▶ Task goal: The records below must be transcribed precisely and in full.

▶ Given data:
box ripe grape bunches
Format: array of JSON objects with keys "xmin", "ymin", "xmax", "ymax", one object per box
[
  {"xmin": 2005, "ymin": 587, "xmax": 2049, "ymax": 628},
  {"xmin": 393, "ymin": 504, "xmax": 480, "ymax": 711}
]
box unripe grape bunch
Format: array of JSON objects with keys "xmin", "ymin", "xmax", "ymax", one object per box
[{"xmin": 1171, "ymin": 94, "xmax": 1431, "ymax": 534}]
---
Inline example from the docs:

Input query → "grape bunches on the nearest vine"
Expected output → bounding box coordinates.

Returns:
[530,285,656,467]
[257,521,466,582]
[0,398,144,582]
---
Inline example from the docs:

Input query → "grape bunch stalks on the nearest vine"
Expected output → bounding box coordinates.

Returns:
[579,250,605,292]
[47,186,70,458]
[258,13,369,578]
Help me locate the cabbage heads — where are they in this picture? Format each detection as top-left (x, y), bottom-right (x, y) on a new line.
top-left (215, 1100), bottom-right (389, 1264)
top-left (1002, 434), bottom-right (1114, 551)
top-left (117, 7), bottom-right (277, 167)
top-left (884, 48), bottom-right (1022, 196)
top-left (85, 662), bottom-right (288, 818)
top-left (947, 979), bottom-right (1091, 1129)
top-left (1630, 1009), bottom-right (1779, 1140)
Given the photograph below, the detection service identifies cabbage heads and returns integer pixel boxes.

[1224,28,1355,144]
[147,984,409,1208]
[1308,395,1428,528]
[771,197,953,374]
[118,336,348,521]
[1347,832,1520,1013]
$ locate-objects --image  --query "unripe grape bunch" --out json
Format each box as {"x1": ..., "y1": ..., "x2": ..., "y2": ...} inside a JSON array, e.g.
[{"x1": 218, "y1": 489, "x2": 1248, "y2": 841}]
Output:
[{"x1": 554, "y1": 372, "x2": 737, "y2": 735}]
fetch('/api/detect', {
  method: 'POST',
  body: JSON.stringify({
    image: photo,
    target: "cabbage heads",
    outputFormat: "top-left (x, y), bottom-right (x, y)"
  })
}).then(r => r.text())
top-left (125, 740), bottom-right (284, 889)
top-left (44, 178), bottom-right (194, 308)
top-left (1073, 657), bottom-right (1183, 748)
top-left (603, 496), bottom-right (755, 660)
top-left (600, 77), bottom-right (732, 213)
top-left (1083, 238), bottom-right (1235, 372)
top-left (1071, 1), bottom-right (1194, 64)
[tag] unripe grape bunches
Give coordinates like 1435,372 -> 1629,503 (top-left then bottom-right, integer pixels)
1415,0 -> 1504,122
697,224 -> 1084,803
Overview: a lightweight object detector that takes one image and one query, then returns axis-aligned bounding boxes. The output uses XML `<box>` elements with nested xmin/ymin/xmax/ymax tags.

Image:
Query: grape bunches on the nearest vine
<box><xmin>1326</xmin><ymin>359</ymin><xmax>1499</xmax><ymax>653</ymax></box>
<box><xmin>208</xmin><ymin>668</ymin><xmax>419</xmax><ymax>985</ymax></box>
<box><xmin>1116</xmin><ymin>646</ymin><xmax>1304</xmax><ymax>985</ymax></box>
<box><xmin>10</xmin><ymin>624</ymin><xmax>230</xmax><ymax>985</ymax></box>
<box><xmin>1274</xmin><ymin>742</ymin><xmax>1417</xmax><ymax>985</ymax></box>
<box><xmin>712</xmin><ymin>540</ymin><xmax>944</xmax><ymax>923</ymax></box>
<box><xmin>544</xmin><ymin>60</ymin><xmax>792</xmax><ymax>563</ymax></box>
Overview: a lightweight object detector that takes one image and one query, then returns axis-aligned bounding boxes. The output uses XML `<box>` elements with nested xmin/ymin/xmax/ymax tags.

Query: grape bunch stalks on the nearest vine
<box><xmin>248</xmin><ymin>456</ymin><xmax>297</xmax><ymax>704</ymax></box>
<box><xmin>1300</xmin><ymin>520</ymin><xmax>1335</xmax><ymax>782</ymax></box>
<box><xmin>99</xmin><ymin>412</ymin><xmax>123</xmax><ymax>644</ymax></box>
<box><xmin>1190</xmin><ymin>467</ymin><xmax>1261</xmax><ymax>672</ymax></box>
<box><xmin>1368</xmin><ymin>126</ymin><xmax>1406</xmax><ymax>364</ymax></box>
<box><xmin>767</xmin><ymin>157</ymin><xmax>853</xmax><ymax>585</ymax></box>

▶ Problem solution:
box ripe grape bunches
Format: array of JSON objects with keys "xmin", "ymin", "xmax", "ymax", one object per box
[
  {"xmin": 2005, "ymin": 587, "xmax": 2049, "ymax": 628},
  {"xmin": 393, "ymin": 504, "xmax": 480, "ymax": 711}
]
box unripe grape bunch
Format: array of JSON objects with keys "xmin", "ymin", "xmax", "ymax", one object per box
[{"xmin": 1171, "ymin": 94, "xmax": 1431, "ymax": 534}]
---
Inline example from the docs:

Input query → "grape bunches on the nearest vine"
Expected output → bounding box coordinates.

Returns:
[530,285,656,467]
[257,521,466,582]
[0,398,144,582]
---
Inline example from the docs:

Input query → "grape bunch stalks on the nearest vine"
Expected output → bounding box coordinates.

Returns:
[579,250,605,292]
[47,186,70,458]
[258,13,369,578]
Help me locate the cabbage heads — where are they in this picture? Format each detection as top-left (x, y), bottom-right (x, y) on a new line.
top-left (215, 1100), bottom-right (389, 1264)
top-left (1002, 434), bottom-right (1114, 551)
top-left (117, 7), bottom-right (277, 167)
top-left (884, 48), bottom-right (1022, 196)
top-left (85, 662), bottom-right (288, 818)
top-left (947, 979), bottom-right (1091, 1129)
top-left (1630, 1009), bottom-right (1779, 1140)
Given the photograph below, the detection service identifies cabbage heads and returns integer pixel boxes.

[1224,28,1355,144]
[147,984,409,1208]
[1308,395,1428,528]
[771,197,953,374]
[118,336,348,521]
[1347,832,1520,1013]
$ locate-objects --image  --query "unripe grape bunch" --out json
Format each box as {"x1": ..., "y1": ..., "x2": ..., "y2": ...} inside a JSON array, e.g.
[{"x1": 218, "y1": 489, "x2": 1248, "y2": 841}]
Output:
[{"x1": 554, "y1": 372, "x2": 737, "y2": 735}]
fetch('/api/detect', {
  method: 'POST',
  body: JSON.stringify({
    image: photo,
    target: "cabbage heads",
    outputFormat: "top-left (x, y), bottom-right (x, y)"
  })
}).then(r => r.text())
top-left (125, 740), bottom-right (284, 889)
top-left (44, 178), bottom-right (194, 308)
top-left (1073, 657), bottom-right (1183, 748)
top-left (603, 496), bottom-right (755, 660)
top-left (600, 77), bottom-right (732, 213)
top-left (1083, 238), bottom-right (1235, 372)
top-left (1071, 1), bottom-right (1194, 64)
[tag] unripe grape bunches
Give coordinates like 1435,372 -> 1629,503 (top-left then bottom-right, integer pixels)
1415,0 -> 1504,122
697,224 -> 1084,803
Overview: a lightweight object detector that takes one image and one query, then returns axis-aligned bounding boxes. The output uses XML `<box>` elements with nested xmin/ymin/xmax/ymax tags.

Image:
Query: grape bunches on the nearest vine
<box><xmin>1326</xmin><ymin>359</ymin><xmax>1499</xmax><ymax>653</ymax></box>
<box><xmin>208</xmin><ymin>668</ymin><xmax>419</xmax><ymax>985</ymax></box>
<box><xmin>1116</xmin><ymin>646</ymin><xmax>1304</xmax><ymax>985</ymax></box>
<box><xmin>10</xmin><ymin>624</ymin><xmax>230</xmax><ymax>985</ymax></box>
<box><xmin>1274</xmin><ymin>742</ymin><xmax>1417</xmax><ymax>985</ymax></box>
<box><xmin>712</xmin><ymin>540</ymin><xmax>944</xmax><ymax>923</ymax></box>
<box><xmin>544</xmin><ymin>60</ymin><xmax>792</xmax><ymax>563</ymax></box>
Overview: a lightweight object detector that takes one image and one query, then returns axis-aligned bounding boxes. The output uses XML `<box>` elements with nested xmin/ymin/xmax/ymax tags.

Query: grape bunch stalks on the nearest vine
<box><xmin>248</xmin><ymin>456</ymin><xmax>297</xmax><ymax>704</ymax></box>
<box><xmin>1300</xmin><ymin>520</ymin><xmax>1335</xmax><ymax>782</ymax></box>
<box><xmin>99</xmin><ymin>412</ymin><xmax>123</xmax><ymax>644</ymax></box>
<box><xmin>1190</xmin><ymin>467</ymin><xmax>1261</xmax><ymax>672</ymax></box>
<box><xmin>1368</xmin><ymin>126</ymin><xmax>1406</xmax><ymax>364</ymax></box>
<box><xmin>767</xmin><ymin>157</ymin><xmax>853</xmax><ymax>585</ymax></box>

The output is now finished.